Slang for “Gun”

I know a lot of slang terms for firearms: gat, heater, strap, piece, jammy, roscoe, iron, chopper, smoke wagon, hog leg.

Those are just the ones I can come up with off the top of my head from my own experience. If I Google it, I find a couple more I’ve heard before, like boom stick, hand cannon, and smoke pole.

I know from conversations with other ATF agents (like my favorite one: https://lnkd.in/gwrXGrKU) that there are also regional terms, like “jawn” in Pennsylvania. (Though I’ve come to understand that jawn can mean almost anything in Philadelphia.)

But today the Michigan Court of Appeals taught me a new slang term for a gun: a “blick.”

I’ve written before about what a great professional experience I had in Detroit (https://lnkd.in/gD7HPBiz). Apparently I didn’t stay long enough because I hadn’t heard “blick” before.

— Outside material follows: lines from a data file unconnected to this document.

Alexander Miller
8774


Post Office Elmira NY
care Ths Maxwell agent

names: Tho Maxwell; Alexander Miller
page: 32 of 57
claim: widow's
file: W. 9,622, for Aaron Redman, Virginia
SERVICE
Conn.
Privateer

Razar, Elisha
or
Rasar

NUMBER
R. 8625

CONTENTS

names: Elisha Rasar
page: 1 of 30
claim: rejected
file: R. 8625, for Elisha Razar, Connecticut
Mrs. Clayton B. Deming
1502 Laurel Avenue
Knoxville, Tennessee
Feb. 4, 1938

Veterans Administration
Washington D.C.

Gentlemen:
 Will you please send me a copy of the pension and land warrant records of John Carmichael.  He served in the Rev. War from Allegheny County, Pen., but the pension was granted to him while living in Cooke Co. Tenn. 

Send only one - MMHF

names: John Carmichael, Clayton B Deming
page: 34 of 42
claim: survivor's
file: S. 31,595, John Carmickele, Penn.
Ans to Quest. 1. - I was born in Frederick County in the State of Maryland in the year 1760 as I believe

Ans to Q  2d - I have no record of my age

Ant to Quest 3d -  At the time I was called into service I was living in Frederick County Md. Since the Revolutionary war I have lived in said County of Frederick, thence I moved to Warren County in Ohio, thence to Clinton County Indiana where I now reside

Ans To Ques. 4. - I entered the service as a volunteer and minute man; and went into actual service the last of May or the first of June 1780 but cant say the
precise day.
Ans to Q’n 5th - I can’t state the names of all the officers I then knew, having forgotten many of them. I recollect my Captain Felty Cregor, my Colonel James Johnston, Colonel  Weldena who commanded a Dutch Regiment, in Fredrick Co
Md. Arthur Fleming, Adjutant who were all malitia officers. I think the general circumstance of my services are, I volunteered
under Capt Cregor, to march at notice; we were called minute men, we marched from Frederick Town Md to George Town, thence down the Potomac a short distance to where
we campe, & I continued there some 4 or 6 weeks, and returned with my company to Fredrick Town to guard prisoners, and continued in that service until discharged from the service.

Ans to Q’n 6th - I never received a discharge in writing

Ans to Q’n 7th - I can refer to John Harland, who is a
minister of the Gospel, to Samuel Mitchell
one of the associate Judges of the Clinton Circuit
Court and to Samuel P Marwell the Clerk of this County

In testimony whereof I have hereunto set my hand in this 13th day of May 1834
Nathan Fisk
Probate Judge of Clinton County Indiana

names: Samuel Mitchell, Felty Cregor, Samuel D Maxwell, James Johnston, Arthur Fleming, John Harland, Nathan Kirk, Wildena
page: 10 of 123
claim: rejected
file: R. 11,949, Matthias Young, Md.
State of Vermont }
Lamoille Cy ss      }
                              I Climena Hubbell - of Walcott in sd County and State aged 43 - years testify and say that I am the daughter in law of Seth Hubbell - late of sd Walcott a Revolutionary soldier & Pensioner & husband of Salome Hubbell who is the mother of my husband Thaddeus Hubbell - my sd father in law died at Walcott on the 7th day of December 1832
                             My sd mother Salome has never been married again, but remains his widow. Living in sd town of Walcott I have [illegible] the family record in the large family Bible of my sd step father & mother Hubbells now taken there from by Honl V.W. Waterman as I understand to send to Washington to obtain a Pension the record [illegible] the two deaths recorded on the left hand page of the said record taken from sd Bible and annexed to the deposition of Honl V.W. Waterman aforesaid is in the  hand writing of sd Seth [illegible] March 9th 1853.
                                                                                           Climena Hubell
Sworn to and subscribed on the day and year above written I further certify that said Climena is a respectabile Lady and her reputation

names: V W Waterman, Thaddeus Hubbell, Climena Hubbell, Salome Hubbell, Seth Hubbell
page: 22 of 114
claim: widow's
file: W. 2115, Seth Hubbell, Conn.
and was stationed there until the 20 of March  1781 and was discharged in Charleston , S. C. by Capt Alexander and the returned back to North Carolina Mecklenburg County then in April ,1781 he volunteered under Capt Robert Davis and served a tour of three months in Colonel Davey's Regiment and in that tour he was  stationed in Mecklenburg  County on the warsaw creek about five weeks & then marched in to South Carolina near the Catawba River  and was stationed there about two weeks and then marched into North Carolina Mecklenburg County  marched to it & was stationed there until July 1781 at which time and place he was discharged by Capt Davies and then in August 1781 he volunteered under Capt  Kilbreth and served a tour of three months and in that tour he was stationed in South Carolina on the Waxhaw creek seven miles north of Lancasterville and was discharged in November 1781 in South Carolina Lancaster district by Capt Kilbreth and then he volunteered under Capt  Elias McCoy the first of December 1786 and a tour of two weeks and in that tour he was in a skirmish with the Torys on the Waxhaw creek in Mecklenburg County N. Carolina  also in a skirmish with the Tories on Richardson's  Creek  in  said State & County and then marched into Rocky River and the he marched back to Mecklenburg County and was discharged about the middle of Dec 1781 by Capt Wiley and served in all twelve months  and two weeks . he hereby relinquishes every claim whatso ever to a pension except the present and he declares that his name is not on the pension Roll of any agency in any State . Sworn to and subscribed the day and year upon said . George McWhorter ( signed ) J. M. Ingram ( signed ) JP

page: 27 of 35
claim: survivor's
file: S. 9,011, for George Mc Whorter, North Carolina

Like many shooting investigations, this one began with a ShotSpotter alert. Police responded and found casings but no gunshot wound victim. That’s because the victim had been driving a car. He fled the scene but succumbed to his injuries and was dumped into the roadway some distance away.

(His brother was the passenger in the car and as well as I can tell from the facts, he shoved his dying brother out into the street then drove home to get their mom. By the time him and mom returned, the cops had found the body in the road.)

Police identified the shooter right away and he was charged with murder. At trial, prosecutors introduced audio from “jail calls.”

Jail calls have long been an invaluable source of evidence. Inmates are notified at the outset of their phone calls that they are being recorded but that doesn’t stop them from talking about their crimes. (Of course, some of these masterminds even post evidence of their crimes on social media: https://lnkd.in/gpMZX5qy.)

In the calls, the shooter asked someone to ditch his blick (which the court helpfully interpreted in footnote 3). The shooter objected, arguing the prosecution had not disclosed the calls in discovery. This was a factual dispute but the trial court had no problem admitting the calls and the appellate court affirmed.

The defendant also protested his conviction for AWIGBH, which is shorthand for “assault with intent to do great bodily harm.” (Seriously, what’s with these ridiculous acronyms? https://lnkd.in/gMU5FDHq)

The appellate court rejected that argument, a related self-defense claim, and several other arguments. As the Volokh Conspiracy recently noted, “When a Party Comes to Us with Nine Grounds for Reversing the [Trial] Court, That Usually Means There Are None.” That was the case here.

Anyways: Blick.

You can read the opinion here.

(BTW, after I wrote this post someone reminded me about “cuete,” which I can’t believe I forgot because I memorized every word to La Raza back in the day!)